少年推开厨房门的时候踏云正懒洋洋的趴在角落里啃一块骨头,他犹豫了会,还是蹲下身向它道了个歉:
“对不起踏云,方才我不是故意的,你能大狗有大量原谅我这一回么?我保证下次不会再这样了!”
“汪!”踏云啃着骨头,漫不经心的瞥了他一眼,狗脸上浮现出一丝傲娇,“汪汪汪!”
“不过你知道李大哥去哪了吗?”萧秋水环顾了一下四周,并没有发现李沉舟的身影,“我现在有事要寻他。”
“汪汪汪!”踏云抬起头,爪子扒拉了一下他的长靴,接着就站起来往外走,“汪汪汪!”
“太好了,你一定知道他在哪里!”
萧秋水兴奋地也跟着站起来,刚要抬腿,突然猝不及防与人撞了个满怀,一阵微风将那人身上苦涩的药草味道吹进鼻腔,和他一样淡淡的,却又带着些不可捉摸的神秘。
“菜呢萧大少爷?”被撞的人双手抱胸,望着萧秋水刻意拖长了尾音,“还没择完么?”
“我……”少年有些心虚,挠挠后脑勺嗫嚅道,“李大哥,我坦白吧,菜和篮子都被我弄丢了,你……你要多少钱我都赔!”
“无妨,”李沉舟表情不变,径直绕过他走向灶台,“篮子再买一个就行,正好三日后京城有集市,你随我一起吧。

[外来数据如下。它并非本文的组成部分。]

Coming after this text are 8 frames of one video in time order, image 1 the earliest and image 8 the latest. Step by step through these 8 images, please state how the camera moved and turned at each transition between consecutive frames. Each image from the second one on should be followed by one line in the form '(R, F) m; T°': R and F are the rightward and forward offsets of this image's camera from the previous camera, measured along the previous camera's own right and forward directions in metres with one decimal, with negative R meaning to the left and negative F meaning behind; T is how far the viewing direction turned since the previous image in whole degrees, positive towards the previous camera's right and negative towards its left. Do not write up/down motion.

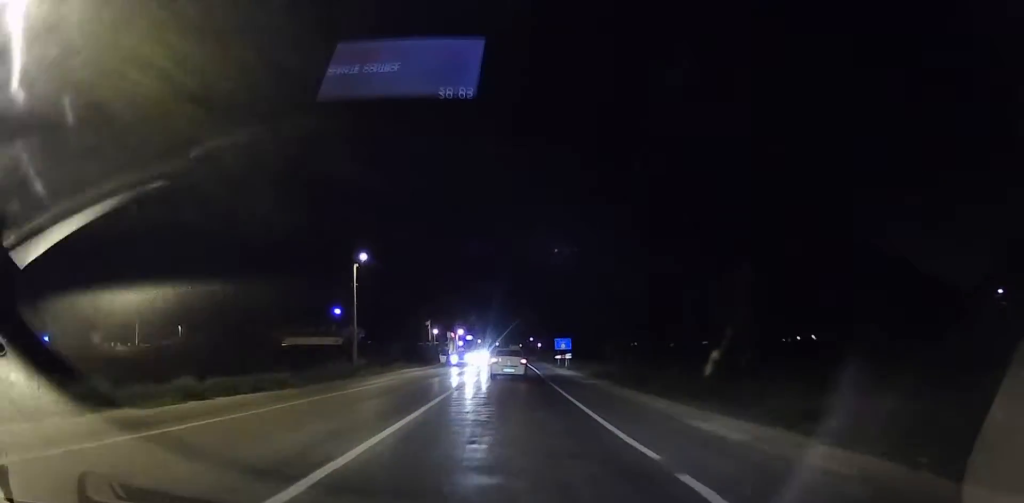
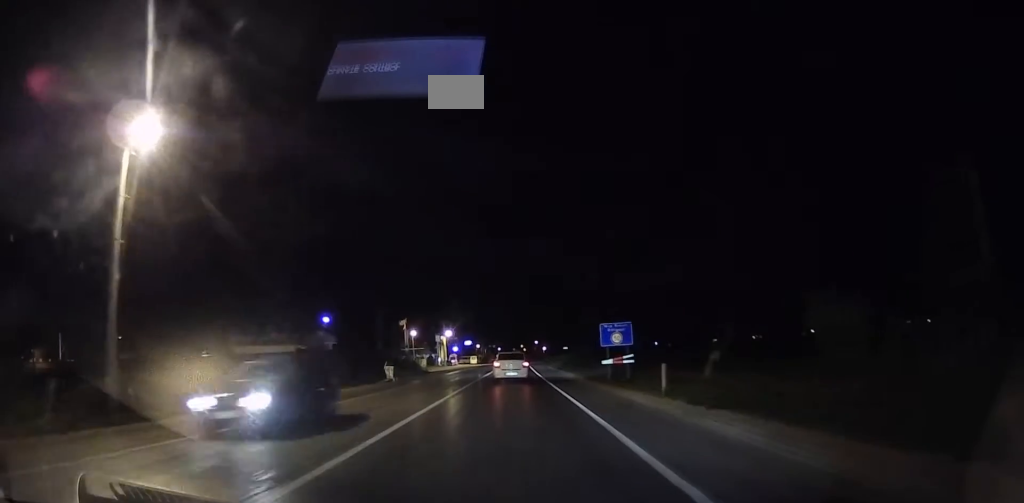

”
“汪汪汪!”
踏云不知何时又进了厨房,摇着尾巴在萧秋水周围转圈,看得少年心里一软,弯腰刮了刮它凸起的小鼻子:
“踏云可是不生我气了?”
“汪汪汪!”
……
三日后上午。
“夫君,”萧秋水左手挎着桂花糕右手拿着糖葫芦与李沉舟并肩走在人声鼎沸的集市中,被食物塞得鼓鼓囊囊的腮帮子让他看起来就像一只正在进食的小松鼠,“你为何不吃啊?”
“店家麻烦给我拿一只菜篮子,”李沉舟不理他,径自在一个卖竹制品的小摊前停下脚步,“要大一点的。”
“夫君不要这么对妾身嘛,妾身可是在与你讲话呢……”
受到冷落的萧秋水不甘心地捏着嗓子叫了起来,但嘴里过多的山楂导致他的喊叫变得含混不清,听得那竹制品摊主忍不住调侃道:
“我说这位嫂嫂你还是先把嘴里咽下去再喊你家夫君吧,他估计啊听不清呢!”
说完大笑了起来。
“你懂什么?”萧秋水翘着兰花指瞪了他一眼,又假装嗔怪地拍了下正在付钱的李沉舟帽檐上垂下的黑纱,“夫君你看他~”
李沉舟:“……”
“咳咳,”他接过小贩递来的篮子,面不改色地朝对方笑了笑,“我家娘子比较依赖我,还请店家勿要见怪。”
“夫君你理理妾身嘛~”身旁的少年不知是想捣乱还是戏精上身,竟又捏着嗓子叫了起来,李沉舟头皮顿时一阵发麻,赶紧拉着他快步走了。
……
客栈。
“累死本少爷了!”刚进房门萧秋水便将全身行头都卸了下来扔在一旁,接着大大咧咧地往榻上一躺,“刚才在集市装了一路女人,我现在算是体会到她们有多不容易了。”
自昨日李沉舟讲要在京城暂住一夜后萧秋水就一直在为不被发现是丞相之子的身份做准备,先是不知从哪借了一身素裙,又用胭脂化了个大浓妆,还像模像样给自己画了个花钿,随后就雀跃着向李沉舟展示自己的易容成果:
“李大哥,你瞧我现在这副打扮,去集市绝对不会被爹爹的眼线抓到!”
浮夸的妆粉、大红的唇脂、歪歪扭扭的花钿……岂止是不会被抓到,连那少年原本的模样都看不出来了,李沉舟正在庭院中浇花,瞥见萧秋水化得一塌糊涂的脸蛋时手里的水勺差点掉在地上,他定了定神继续浇,接着就没再搭理对方了。
“不过李大哥你为什么要戴帷帽遮住脸呢?”萧秋水一动不动地躺在榻上,双眼似乎要将天花板望穿,“你应该不用担心被发现啊。”
“莫非你是怕自己的脸露出来会像本少爷一样引来无数人倾心?”
“萧大少爷想太多了,我只是不想被晒到而已。”李沉舟无语的看了他一眼,随后就收拾好东西出门去了。